What to produce
Set down all of the data that follows, keeping every character.

Information provided
• • • • • • •
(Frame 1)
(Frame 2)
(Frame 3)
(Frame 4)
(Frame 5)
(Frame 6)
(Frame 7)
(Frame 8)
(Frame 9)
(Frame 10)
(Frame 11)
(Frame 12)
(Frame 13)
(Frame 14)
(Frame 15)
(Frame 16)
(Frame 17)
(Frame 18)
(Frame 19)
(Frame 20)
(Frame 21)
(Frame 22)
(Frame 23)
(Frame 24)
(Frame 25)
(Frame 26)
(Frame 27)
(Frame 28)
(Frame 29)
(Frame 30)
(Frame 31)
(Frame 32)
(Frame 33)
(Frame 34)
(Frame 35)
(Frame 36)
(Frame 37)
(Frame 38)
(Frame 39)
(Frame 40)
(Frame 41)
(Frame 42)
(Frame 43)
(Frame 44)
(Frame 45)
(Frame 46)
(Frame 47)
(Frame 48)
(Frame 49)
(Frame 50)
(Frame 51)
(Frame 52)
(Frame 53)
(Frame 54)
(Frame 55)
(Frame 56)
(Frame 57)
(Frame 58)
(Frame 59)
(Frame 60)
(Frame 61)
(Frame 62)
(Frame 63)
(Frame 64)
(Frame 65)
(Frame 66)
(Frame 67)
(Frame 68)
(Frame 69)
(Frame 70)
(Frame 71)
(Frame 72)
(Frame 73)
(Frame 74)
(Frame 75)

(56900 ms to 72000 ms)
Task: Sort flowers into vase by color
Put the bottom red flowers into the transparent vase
• • • • • • •
Worked solution
(Frame 1)
(Frame 2)
(Frame 3)
(Frame 4)
(Frame 5)
(Frame 6)
(Frame 7)
(Frame 8)
(Frame 9)
(Frame 10)
(Frame 11)
(Frame 12)
(Frame 13)
(Frame 14)
(Frame 15)
(Frame 16)
(Frame 17)
(Frame 18)
(Frame 19)
(Frame 20)
(Frame 21)
(Frame 22)
(Frame 23)
(Frame 24)
(Frame 25)
(Frame 26)
(Frame 27)
(Frame 28)
(Frame 29)
(Frame 30)
(Frame 31)
(Frame 32)
(Frame 33)
(Frame 34)
(Frame 35)
(Frame 36)
(Frame 37)
(Frame 38)
(Frame 39)
(Frame 40)
(Frame 41)
(Frame 42)
(Frame 43)
(Frame 44)
(Frame 45)
(Frame 46)
(Frame 47)
(Frame 48)
(Frame 49)
(Frame 50)
(Frame 51)
(Frame 52)
(Frame 53)
(Frame 54)
(Frame 55)
(Frame 56)
(Frame 57)
(Frame 58)
(Frame 59)
(Frame 60)
(Frame 61)
(Frame 62)
(Frame 63)
(Frame 64)
(Frame 65)
(Frame 66)
(Frame 67)
(Frame 68)
(Frame 69)
(Frame 70)
(Frame 71)
(Frame 72)
(Frame 73)
(Frame 74)
(Frame 75)

(56900 ms to 72000 ms)
Task: Sort flowers into vase by color
Put the bottom red flowers into the transparent vase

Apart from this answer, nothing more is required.